(Data items)
====================
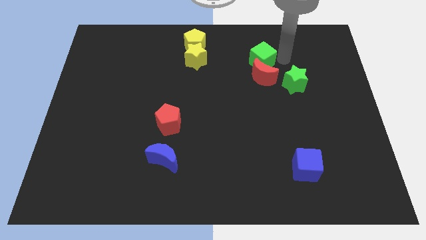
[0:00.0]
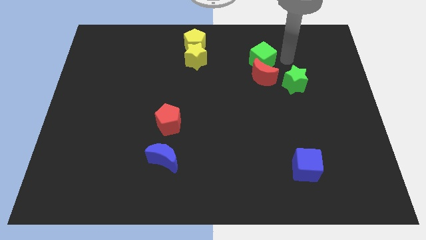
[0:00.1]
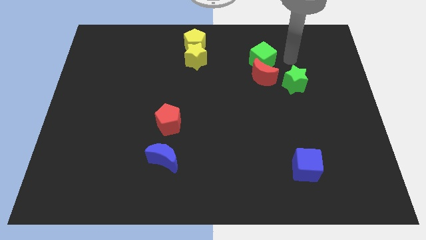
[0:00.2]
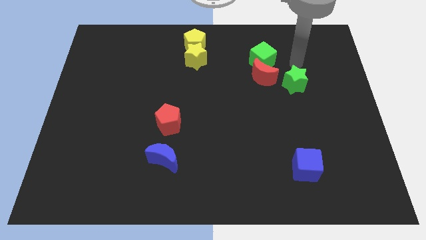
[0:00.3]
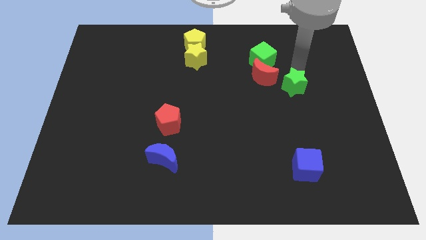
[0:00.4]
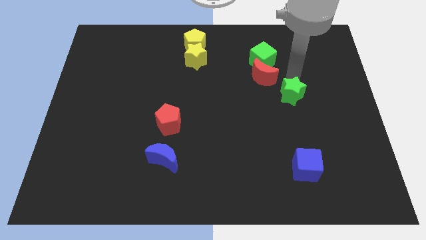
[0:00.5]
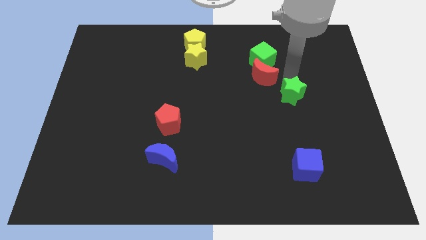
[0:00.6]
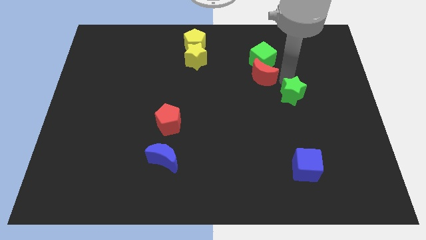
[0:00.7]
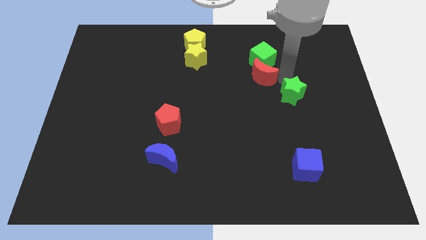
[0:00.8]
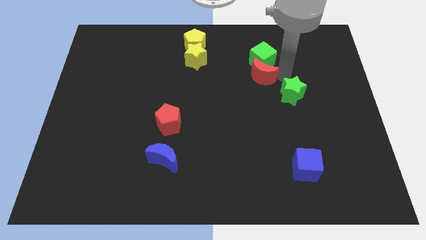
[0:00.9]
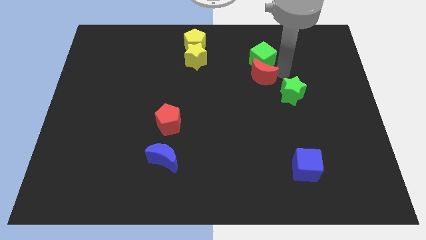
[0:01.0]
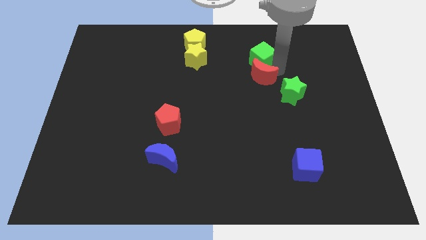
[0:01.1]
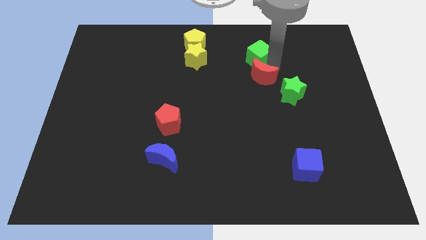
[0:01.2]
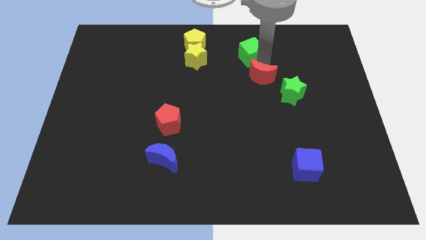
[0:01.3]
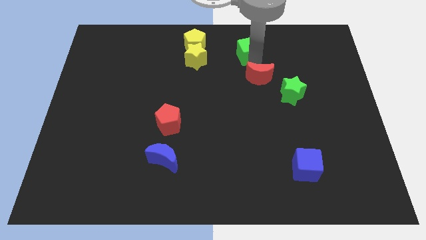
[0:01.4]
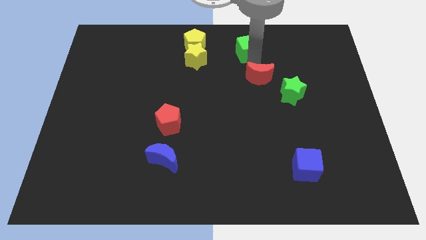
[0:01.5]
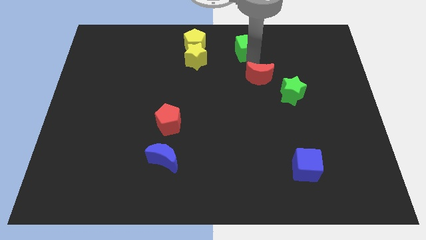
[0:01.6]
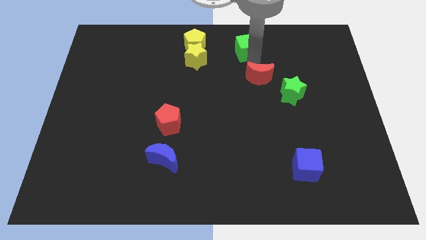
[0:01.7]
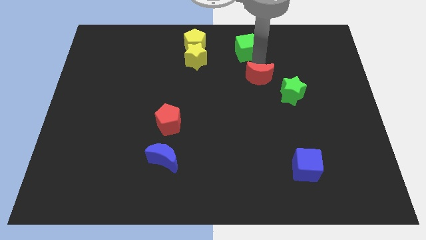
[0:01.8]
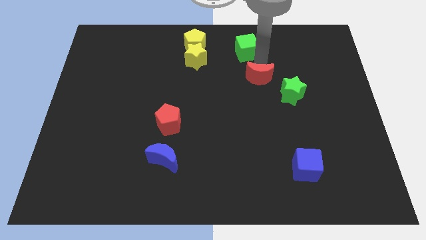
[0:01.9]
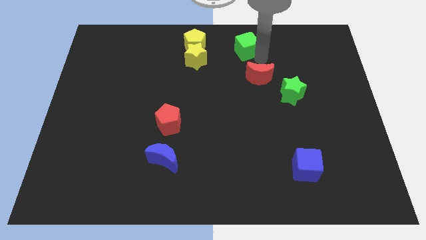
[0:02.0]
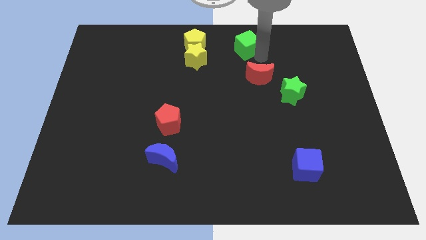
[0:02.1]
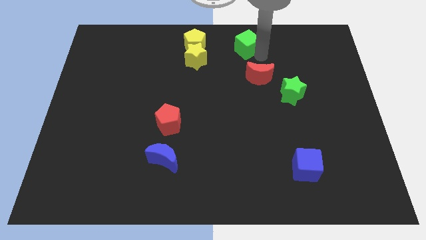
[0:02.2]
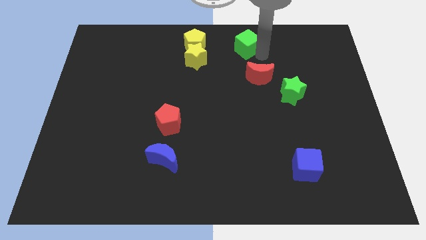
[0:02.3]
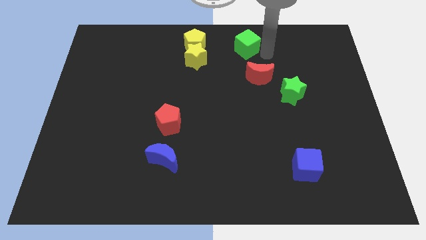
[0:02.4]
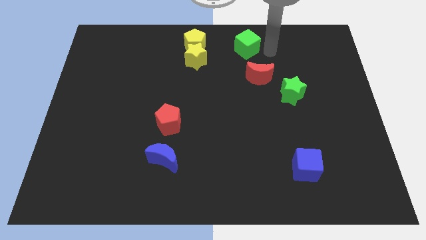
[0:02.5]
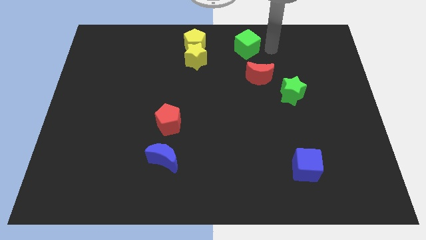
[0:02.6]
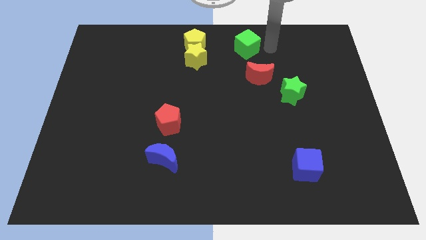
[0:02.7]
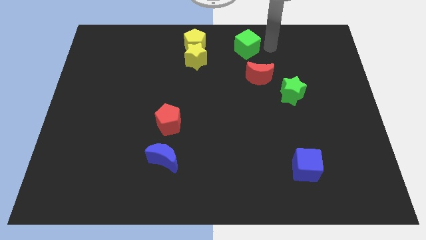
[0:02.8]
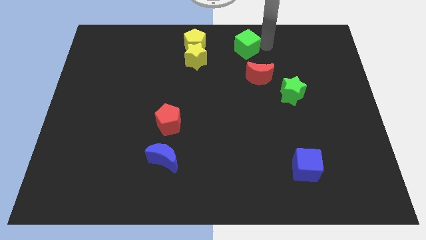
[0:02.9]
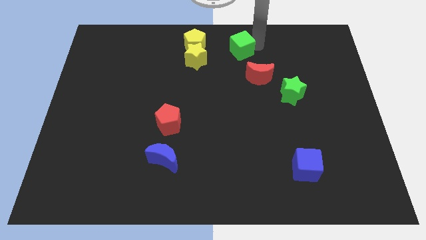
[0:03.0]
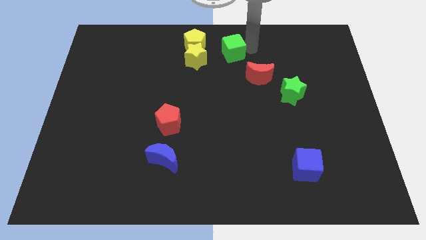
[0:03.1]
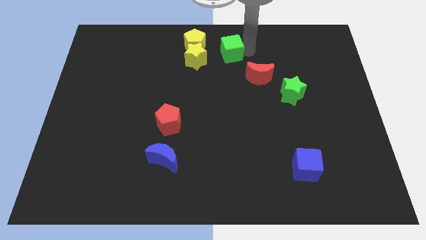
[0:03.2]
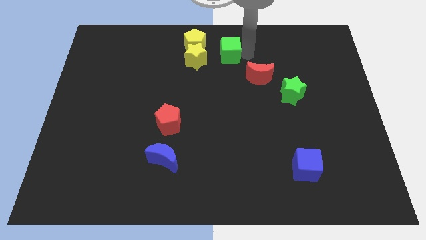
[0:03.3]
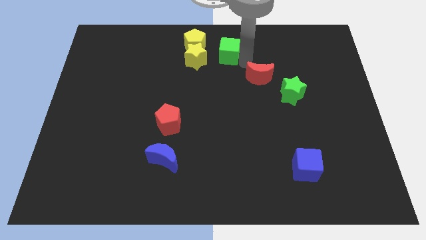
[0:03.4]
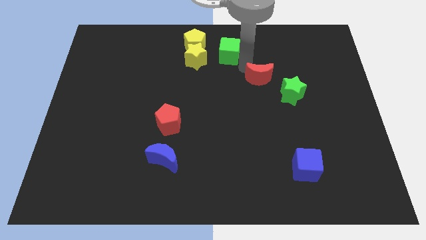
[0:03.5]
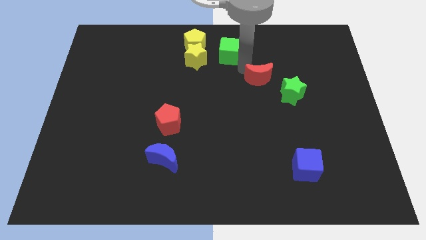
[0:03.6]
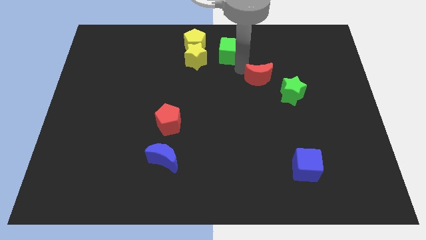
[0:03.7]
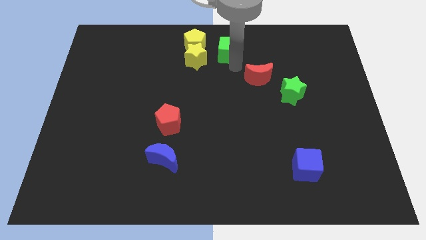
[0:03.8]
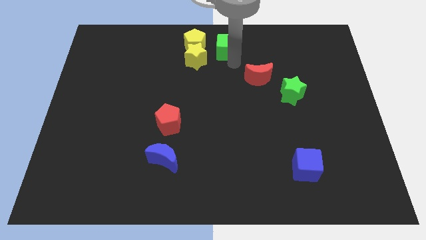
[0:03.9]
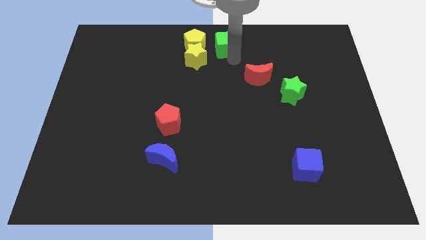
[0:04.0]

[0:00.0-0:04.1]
move green cube towards top center
====================
**WHAT THE TASK ASKS:** Write each entry again exactly, minus any images.

**SOLVED PROBLEM:**
[0:00.0]
[0:00.1]
[0:00.2]
[0:00.3]
[0:00.4]
[0:00.5]
[0:00.6]
[0:00.7]
[0:00.8]
[0:00.9]
[0:01.0]
[0:01.1]
[0:01.2]
[0:01.3]
[0:01.4]
[0:01.5]
[0:01.6]
[0:01.7]
[0:01.8]
[0:01.9]
[0:02.0]
[0:02.1]
[0:02.2]
[0:02.3]
[0:02.4]
[0:02.5]
[0:02.6]
[0:02.7]
[0:02.8]
[0:02.9]
[0:03.0]
[0:03.1]
[0:03.2]
[0:03.3]
[0:03.4]
[0:03.5]
[0:03.6]
[0:03.7]
[0:03.8]
[0:03.9]
[0:04.0]

[0:00.0-0:04.1]
move green cube towards top center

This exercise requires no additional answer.